1. If $|{\cal{T}}_1\rangle,\cdots, |{\cal{T}}_N\rangle$ is an orthonormal basis, i.e.,  $\langle \cal{T}_a|\cal{T}_b\rangle=\delta_{ab}$, then by submitting Eq. (7) into Eq. (9), we have the matrix form of $\cal{A}_a$ as  \begin{equation}[\mathbf{A}_a]_{cb}=\left\langle\cal{T}_c\right| \cal{A}_a\left|\cal{T}_b\right\rangle =i\,f_{ab}^{\,\,\,\,c}\,.\tag{14}\end{equation}
2. Now in a general basis $|{\cal{T}}'_1\rangle,\cdots, |{\cal{T}}'_N\rangle$, the matrix form of the adjoint representation is \begin{equation} {\cal{A}}'_a\left|\cal{T}'_b\right\rangle =\sum_{c=1}^N \left|\cal{T}'_c\right\rangle\,\left[\mathbf{A}'_a\right]_{cb}\,.\tag{15}\end{equation} By submitting Eq. (11), (12) and (14) into Eq. (15), we obtain the relation \begin{equation}\mathbf{A}'_a=\sum_{b=1}^N\mathbf{L}^{-1}\mathbf{A}_b\mathbf{L}\,\mathbf{L}_{ba}\,.\tag{16}\end{equation} Meanwhile, since $\Big[{\cal{T}'_a}\,,{\cal{T}'_b}\Big]=\sum_{c,d=1}^N\Big[{\cal{T}}_c\,,{\cal{T}}_d\Big]\mathbf{L}_{ca}\mathbf{L}_{db}=i\sum_{c,d=1}^N f_{cd}^{\,\,\,\,e}\mathbf{L}_{ca}\mathbf{L}_{db}\,{\cal{T}}_e=i\sum_{c,d,g=1}^N f_{cd}^{\,\,\,\,e}\mathbf{L}_{ca}\mathbf{L}_{db}\mathbf{L}^{-1}_{ge}\,{\cal{T}}'_g$, we have \begin{equation} {f'}_{ab}^{\,\,\,\,c} = \sum_{d,m,n=1}^N \mathbf{L}^{-1}_{cm}\, f_{dn}^{\,\,\,\,m}\,\mathbf{L}_{nb}\,\mathbf{L}_{da}\,.\tag{17}\end{equation} Using Eq. (14), (16) and (17), we prove that \begin{equation}[\mathbf{A}'_a]_{cb}=i\,{f'}_{ab}^{\,\,\,\,c}\,\end{equation} holds in a general basis as well.

Remarks: 

• $[\mathbf{A}_a]_{cb}=\left\langle\cal{T}_c\right| \cal{A}_a\left|\cal{T}_b\right\rangle$ only holds in an orthonormal basis. But $[\mathbf{A}_a]_{cb}=i\,f_{ab}^{\,\,\,\,c}$ holds in any basis, as we proved above.
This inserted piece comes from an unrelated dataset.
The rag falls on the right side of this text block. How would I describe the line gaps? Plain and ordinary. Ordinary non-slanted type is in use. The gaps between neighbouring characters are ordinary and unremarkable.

[Exercise 2] Some literature directly lists Eq. (13) as the definition of  the adjoint representation of Lie algebra. If so, prove that $\cal{A}_a$ defined in Eq. (13) preserves the commutator relation (7).
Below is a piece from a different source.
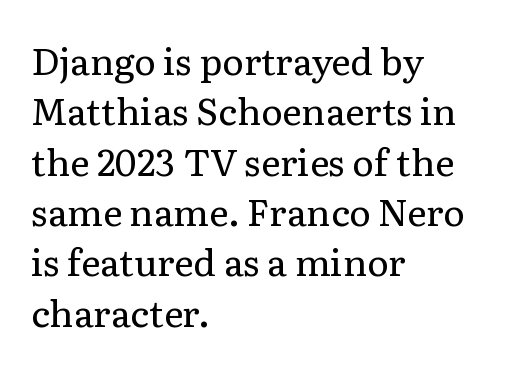
{"serif": "yes", "italic": "no", "bold": "no", "weight": "regular", "width": "normal", "stroke_contrast": "low", "x_height": "medium", "monospaced": "no", "underline": "no", "align": "left", "line_spacing": "normal", "line_spacing_ratio": 1.36, "letter_spacing": "normal", "letter_spacing_em": 0.0, "glyph_px": 37}

[Solution] Note that $\left\langle {\cal{T}_m} \right| {\cal{A}_a}{\cal{A}_b}\left|{\cal{T}_n}\right\rangle=\sum_{c=1}^N \left\langle {\cal{T}_m} \right| {\cal{A}_a}\left| {\cal{T}_c}\right\rangle\left\langle {\cal{T}_c}\right|{\cal{A}_b}\left|{\cal{T}_n}\right\rangle=-f_{ac}^{\,\,\,\,m}f_{bn}^{\,\,\,\,c}$, we can compute \begin{eqnarray} \left\langle {\cal{T}_m} \right| \Big[{\cal{A}_a}\,,{\cal{A}_b}\Big]\left|{\cal{T}_n}\right\rangle &=& \left\langle {\cal{T}_m} \right| {\cal{A}_a}{\cal{A}_b}\left|{\cal{T}_n}\right\rangle-\left\langle {\cal{T}_m} \right| {\cal{A}_b}{\cal{A}_a}\left|{\cal{T}_n}\right\rangle = -f_{ac}^{\,\,\,\,m}f_{bn}^{\,\,\,\,c} +f_{bc}^{\,\,\,\,m}f_{an}^{\,\,\,\,c}\\&=&-f_{ab}^{\,\,\,\,c}f_{cn}^{\,\,\,\,m}=i\,f_{ab}^{\,\,\,\,c}\left\langle {\cal{T}_m} \right| {\cal{A}_c}\left|{\cal{T}_n}\right\rangle\end{eqnarray} for any $\left\langle{\cal{T}_m}\right|$ and $\left|{\cal{T}_n}\right\rangle$, and thus $\Big[{\cal{A}}_a\,,{\cal{A}}_b\Big]\left| {\cal{T}_d} \right\rangle=i\,f_{ab}^{\,\,\,\,c} {\cal{A}}_c$. In third equality above, we have applied the relation \begin{equation}f_{ac}^{\,\,\,\,m}f_{bn}^{\,\,\,\,c}+f_{bc}^{\,\,\,\,m}f_{na}^{\,\,\,\,c}+f_{nc}^{\,\,\,\,m}f_{ab}^{\,\,\,\,c}=0\end{equation} which is obtained by submitting the commutator relation (7) into the Jacobi identity.